== Records supplied ==
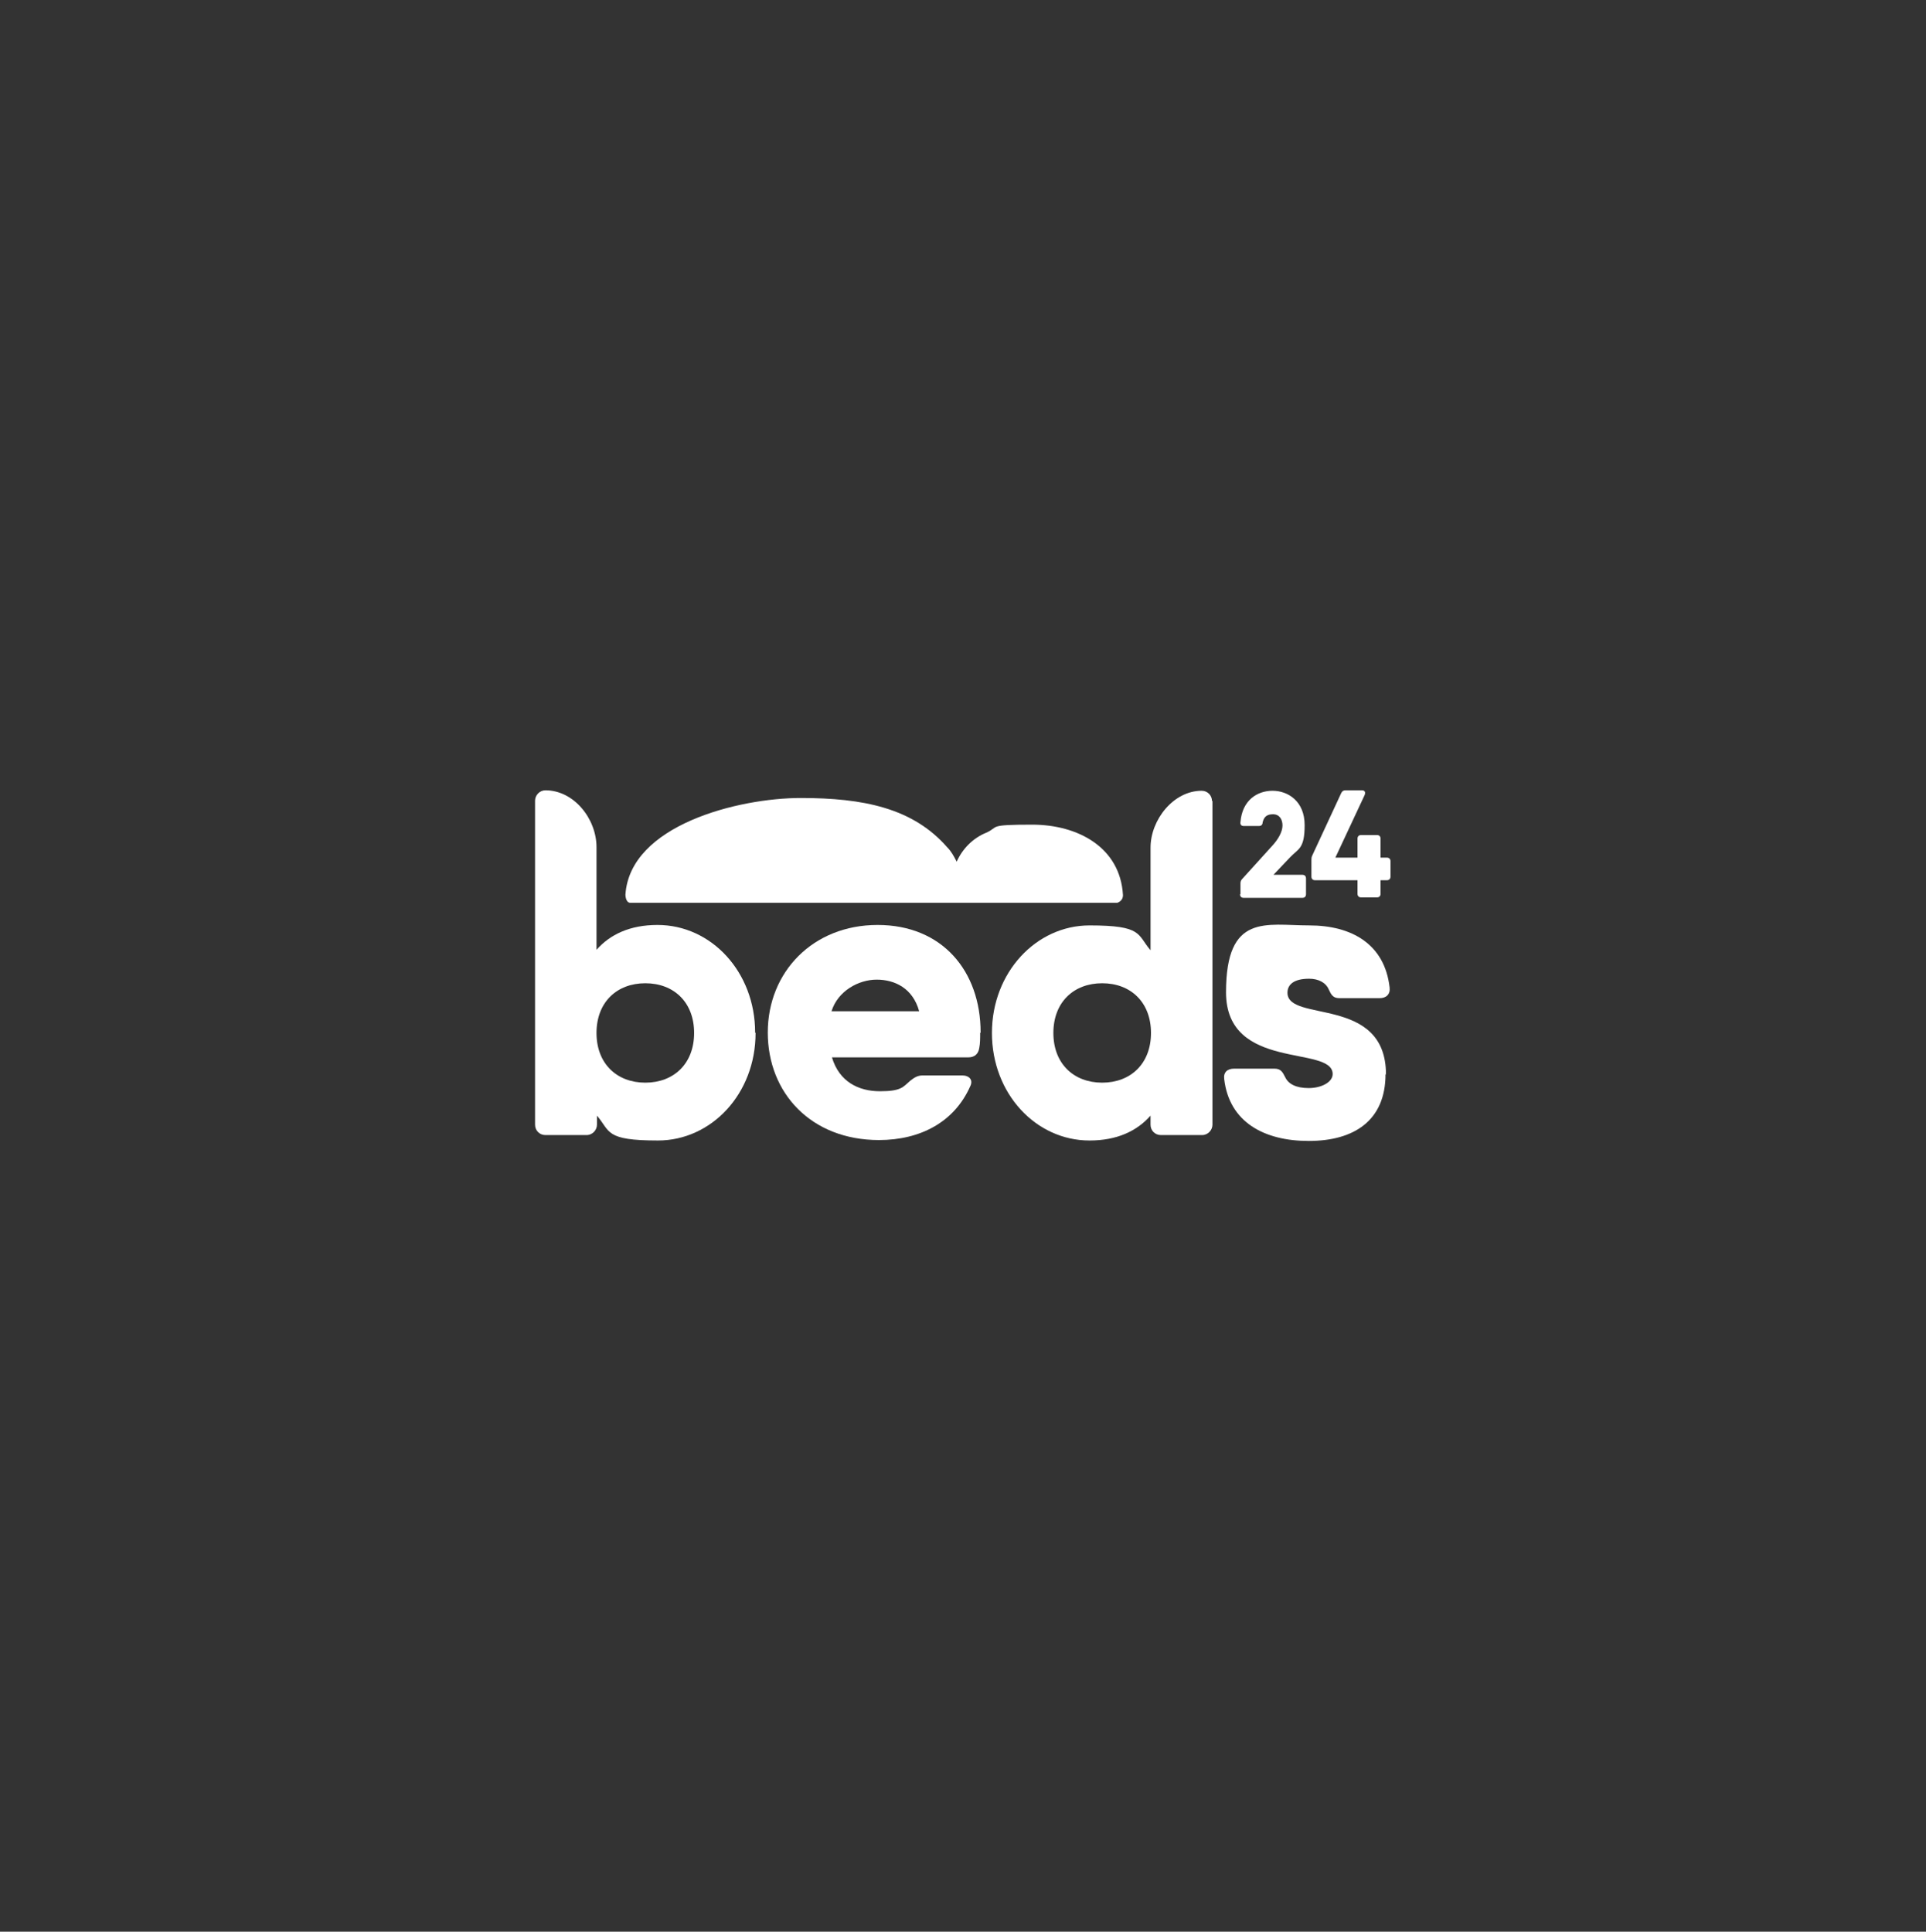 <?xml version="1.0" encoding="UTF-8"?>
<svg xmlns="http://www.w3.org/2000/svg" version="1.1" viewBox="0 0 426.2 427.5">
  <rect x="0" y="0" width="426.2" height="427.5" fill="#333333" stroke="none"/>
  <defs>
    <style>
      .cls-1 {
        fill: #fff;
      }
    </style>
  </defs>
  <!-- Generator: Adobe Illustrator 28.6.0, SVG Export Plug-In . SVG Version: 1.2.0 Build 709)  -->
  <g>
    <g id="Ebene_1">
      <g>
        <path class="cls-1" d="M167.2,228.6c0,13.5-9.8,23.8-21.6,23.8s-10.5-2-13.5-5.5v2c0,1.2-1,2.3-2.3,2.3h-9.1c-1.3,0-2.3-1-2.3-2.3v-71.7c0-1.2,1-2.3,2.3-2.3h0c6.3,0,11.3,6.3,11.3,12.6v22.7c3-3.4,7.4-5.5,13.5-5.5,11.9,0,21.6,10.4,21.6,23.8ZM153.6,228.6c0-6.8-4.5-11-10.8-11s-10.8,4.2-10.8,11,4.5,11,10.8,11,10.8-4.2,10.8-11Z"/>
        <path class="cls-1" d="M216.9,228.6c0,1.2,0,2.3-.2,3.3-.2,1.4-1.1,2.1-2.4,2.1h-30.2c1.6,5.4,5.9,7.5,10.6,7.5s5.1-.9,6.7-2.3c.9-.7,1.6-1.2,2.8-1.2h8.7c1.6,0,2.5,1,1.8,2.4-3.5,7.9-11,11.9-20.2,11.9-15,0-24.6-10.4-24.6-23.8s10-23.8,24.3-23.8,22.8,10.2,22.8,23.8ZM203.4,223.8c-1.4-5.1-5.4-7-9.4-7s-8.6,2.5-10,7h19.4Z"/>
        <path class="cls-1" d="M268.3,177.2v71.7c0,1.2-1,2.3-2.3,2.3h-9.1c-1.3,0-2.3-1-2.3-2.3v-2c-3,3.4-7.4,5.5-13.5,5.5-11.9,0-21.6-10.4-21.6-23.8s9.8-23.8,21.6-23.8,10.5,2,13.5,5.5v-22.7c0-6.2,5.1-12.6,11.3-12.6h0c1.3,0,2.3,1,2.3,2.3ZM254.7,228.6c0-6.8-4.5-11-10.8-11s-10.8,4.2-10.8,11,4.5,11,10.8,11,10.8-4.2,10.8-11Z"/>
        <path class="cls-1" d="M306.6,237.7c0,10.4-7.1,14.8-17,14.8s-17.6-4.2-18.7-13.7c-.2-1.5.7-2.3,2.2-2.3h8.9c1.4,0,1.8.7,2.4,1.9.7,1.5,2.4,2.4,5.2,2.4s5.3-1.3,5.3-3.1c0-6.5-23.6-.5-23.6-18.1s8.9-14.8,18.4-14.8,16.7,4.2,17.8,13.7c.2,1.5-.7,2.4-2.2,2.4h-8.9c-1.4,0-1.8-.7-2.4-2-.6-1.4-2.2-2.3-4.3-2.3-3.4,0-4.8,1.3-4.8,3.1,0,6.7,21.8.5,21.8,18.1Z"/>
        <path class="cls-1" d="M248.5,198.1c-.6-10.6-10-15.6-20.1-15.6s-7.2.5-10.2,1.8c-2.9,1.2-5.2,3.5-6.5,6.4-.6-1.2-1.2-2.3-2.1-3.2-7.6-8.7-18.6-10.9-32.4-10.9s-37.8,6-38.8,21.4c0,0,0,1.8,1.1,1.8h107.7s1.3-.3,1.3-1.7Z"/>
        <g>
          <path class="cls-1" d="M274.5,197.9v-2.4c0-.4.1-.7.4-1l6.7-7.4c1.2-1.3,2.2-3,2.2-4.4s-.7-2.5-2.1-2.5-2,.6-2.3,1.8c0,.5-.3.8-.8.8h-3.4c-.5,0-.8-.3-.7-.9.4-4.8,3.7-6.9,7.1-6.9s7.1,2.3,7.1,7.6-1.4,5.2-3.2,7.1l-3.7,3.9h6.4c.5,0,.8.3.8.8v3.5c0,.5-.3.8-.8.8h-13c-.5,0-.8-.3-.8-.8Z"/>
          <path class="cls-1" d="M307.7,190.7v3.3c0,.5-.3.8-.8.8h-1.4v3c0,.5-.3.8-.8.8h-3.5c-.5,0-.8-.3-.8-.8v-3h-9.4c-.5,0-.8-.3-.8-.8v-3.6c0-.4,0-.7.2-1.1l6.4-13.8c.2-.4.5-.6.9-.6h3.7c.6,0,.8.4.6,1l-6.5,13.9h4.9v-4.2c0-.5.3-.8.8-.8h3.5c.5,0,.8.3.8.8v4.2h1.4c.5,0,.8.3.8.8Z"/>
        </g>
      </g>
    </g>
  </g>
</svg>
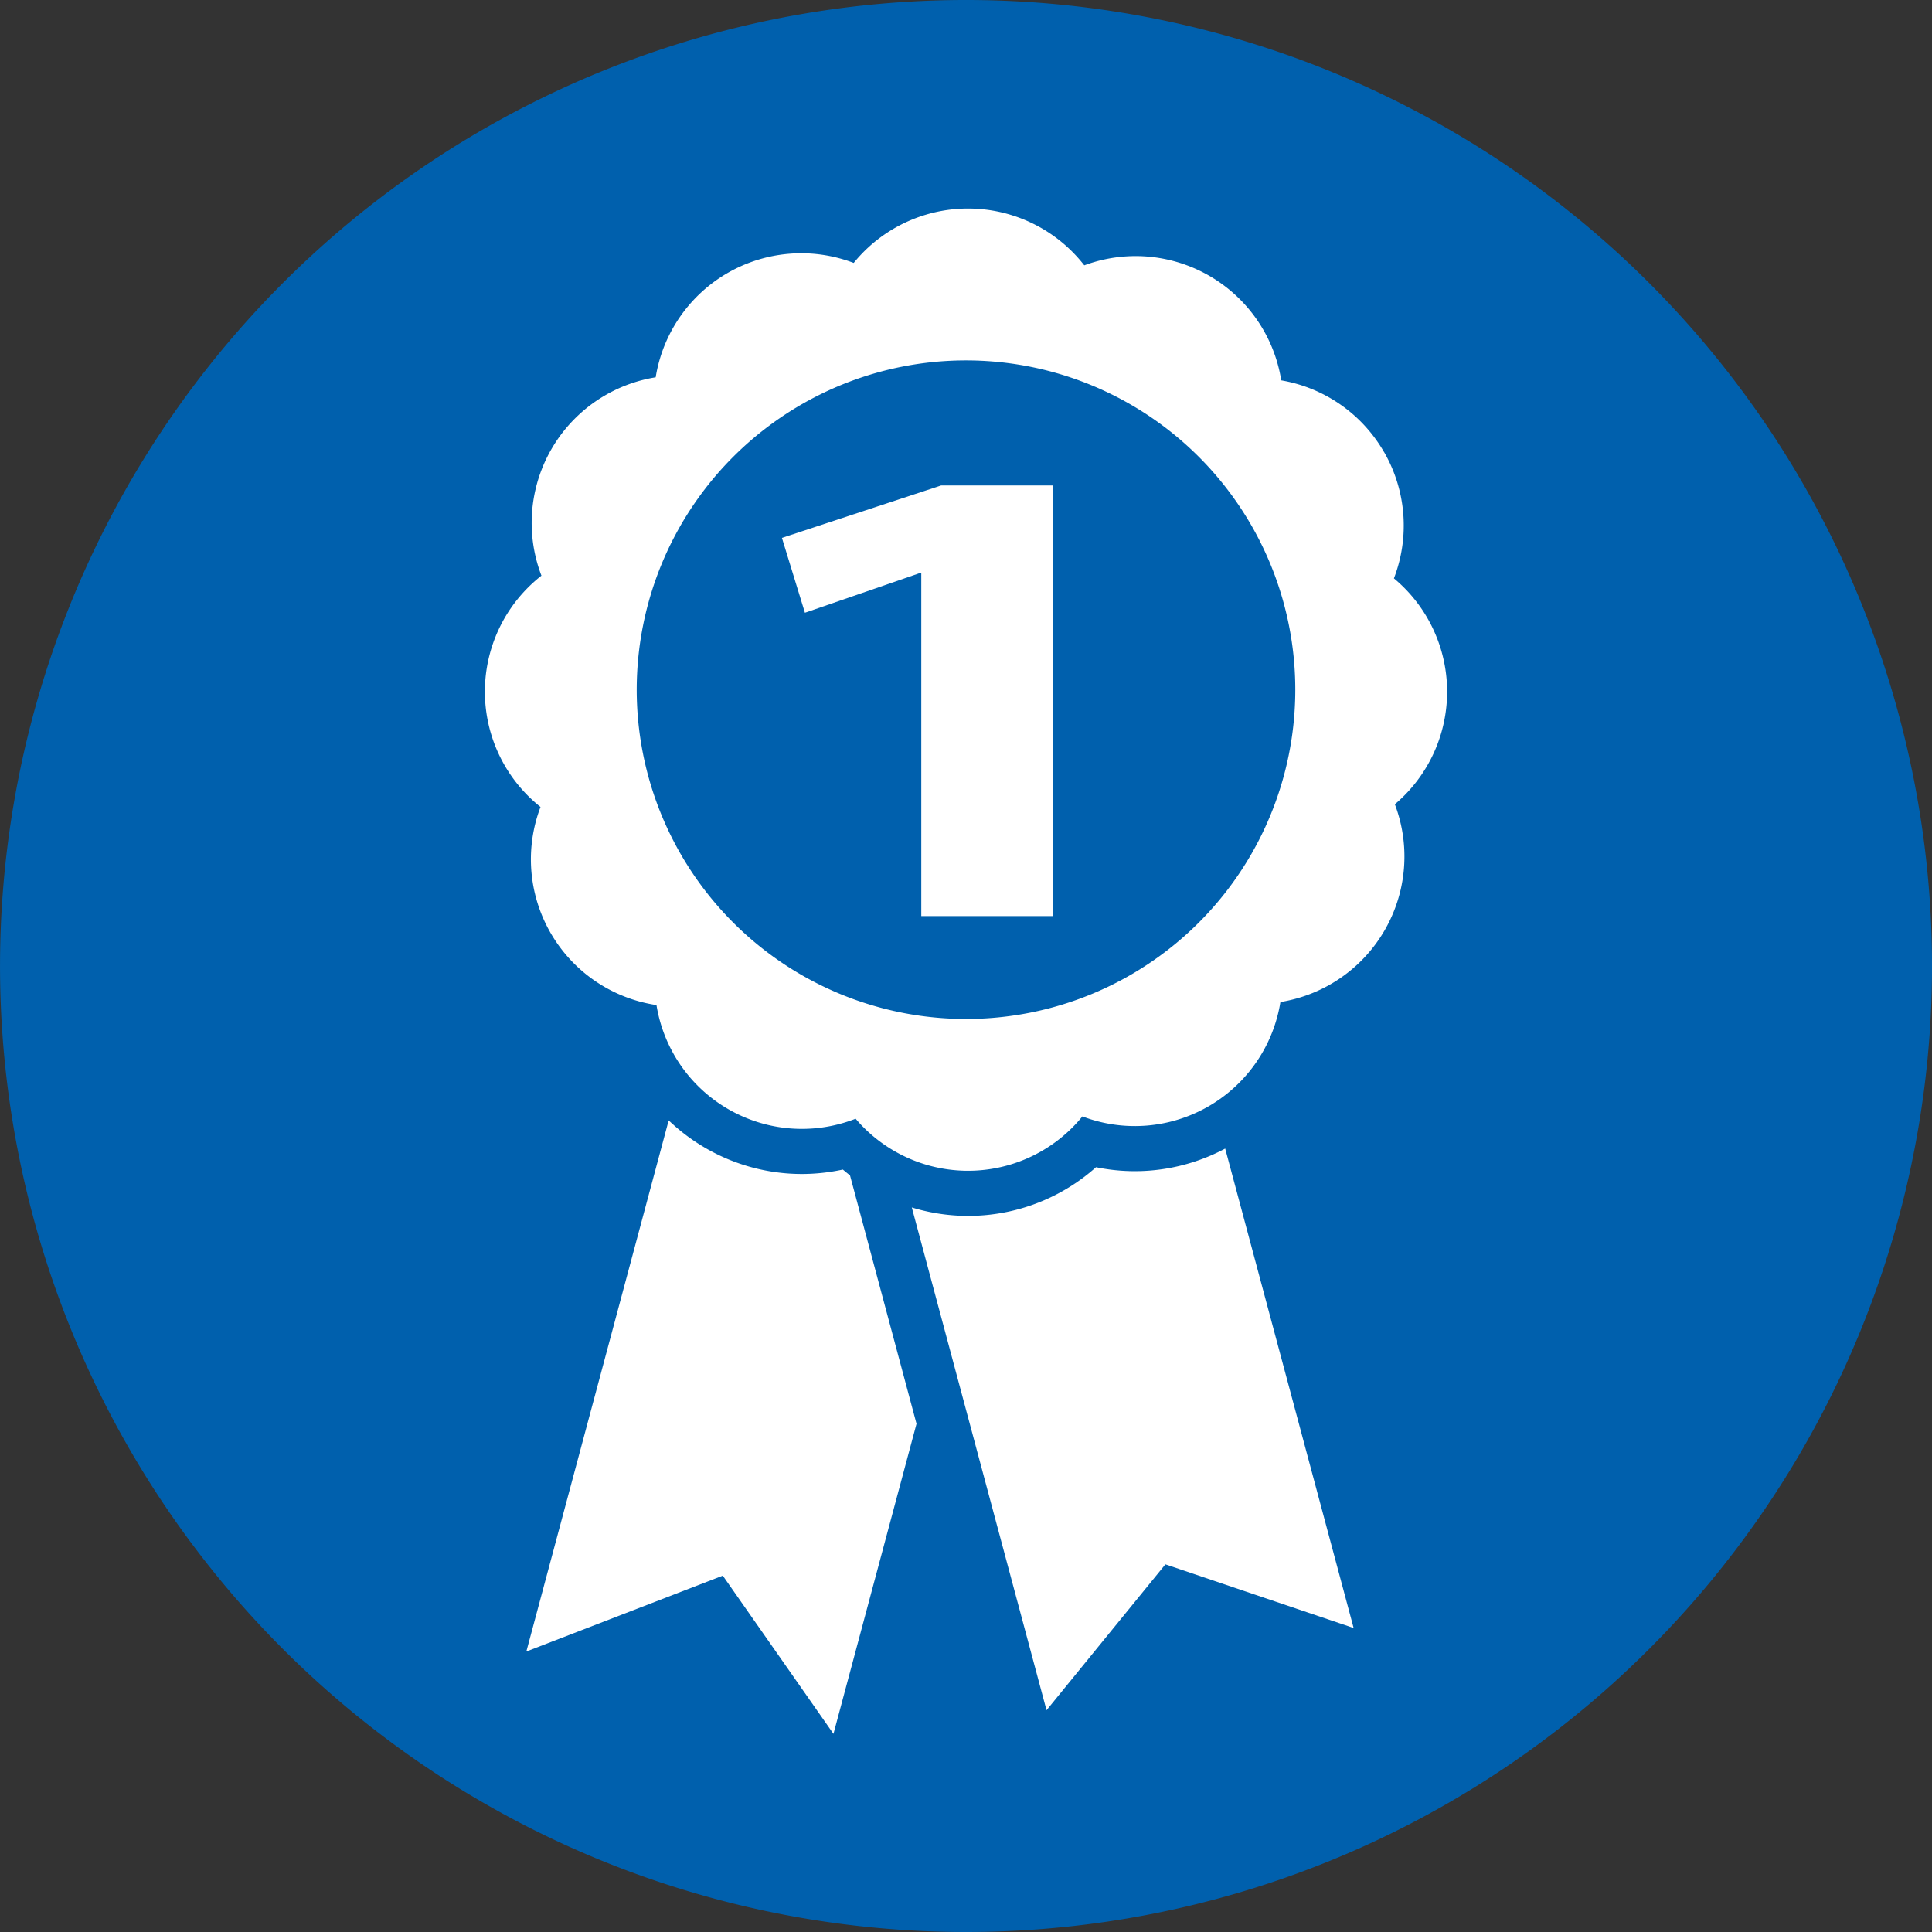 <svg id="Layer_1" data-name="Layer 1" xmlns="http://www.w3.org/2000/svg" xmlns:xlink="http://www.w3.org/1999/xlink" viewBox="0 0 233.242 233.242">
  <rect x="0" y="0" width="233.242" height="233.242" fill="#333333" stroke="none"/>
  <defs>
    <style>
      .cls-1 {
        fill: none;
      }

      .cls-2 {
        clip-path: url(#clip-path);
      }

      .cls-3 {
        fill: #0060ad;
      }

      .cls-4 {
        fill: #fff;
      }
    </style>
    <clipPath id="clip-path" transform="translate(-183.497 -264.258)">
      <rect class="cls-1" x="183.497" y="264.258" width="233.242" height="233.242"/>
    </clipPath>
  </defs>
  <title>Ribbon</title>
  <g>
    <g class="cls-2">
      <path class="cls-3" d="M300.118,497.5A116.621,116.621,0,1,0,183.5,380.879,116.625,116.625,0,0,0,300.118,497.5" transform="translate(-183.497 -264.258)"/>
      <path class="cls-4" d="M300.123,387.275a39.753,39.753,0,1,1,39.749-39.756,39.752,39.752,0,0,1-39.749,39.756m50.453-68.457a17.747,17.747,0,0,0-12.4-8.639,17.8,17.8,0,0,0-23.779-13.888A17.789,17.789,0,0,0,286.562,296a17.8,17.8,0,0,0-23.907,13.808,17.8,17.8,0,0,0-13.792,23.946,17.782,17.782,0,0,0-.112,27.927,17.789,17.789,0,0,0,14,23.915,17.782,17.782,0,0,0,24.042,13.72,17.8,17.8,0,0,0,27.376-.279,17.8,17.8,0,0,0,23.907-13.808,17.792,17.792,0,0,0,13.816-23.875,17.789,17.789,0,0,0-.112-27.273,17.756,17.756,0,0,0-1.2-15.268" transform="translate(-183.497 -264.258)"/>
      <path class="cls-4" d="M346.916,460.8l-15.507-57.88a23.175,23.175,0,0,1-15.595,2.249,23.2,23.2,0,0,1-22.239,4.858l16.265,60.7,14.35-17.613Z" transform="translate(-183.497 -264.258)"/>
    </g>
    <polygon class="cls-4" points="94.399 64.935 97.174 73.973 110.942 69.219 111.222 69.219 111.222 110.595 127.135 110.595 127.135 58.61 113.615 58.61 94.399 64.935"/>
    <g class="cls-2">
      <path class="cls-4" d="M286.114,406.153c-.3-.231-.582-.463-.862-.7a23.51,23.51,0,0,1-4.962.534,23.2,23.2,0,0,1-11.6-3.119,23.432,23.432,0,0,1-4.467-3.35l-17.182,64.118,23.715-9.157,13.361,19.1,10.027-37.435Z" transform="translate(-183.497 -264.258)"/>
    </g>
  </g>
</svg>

== Exercise ==
Among the entries above, find every line holding "none" and copy it.

== Response ==
  <rect x="0" y="0" width="426.2" height="427.5" fill="#333333" stroke="none"/>
  <rect x="0" y="0" width="233.242" height="233.242" fill="#333333" stroke="none"/>
        fill: none;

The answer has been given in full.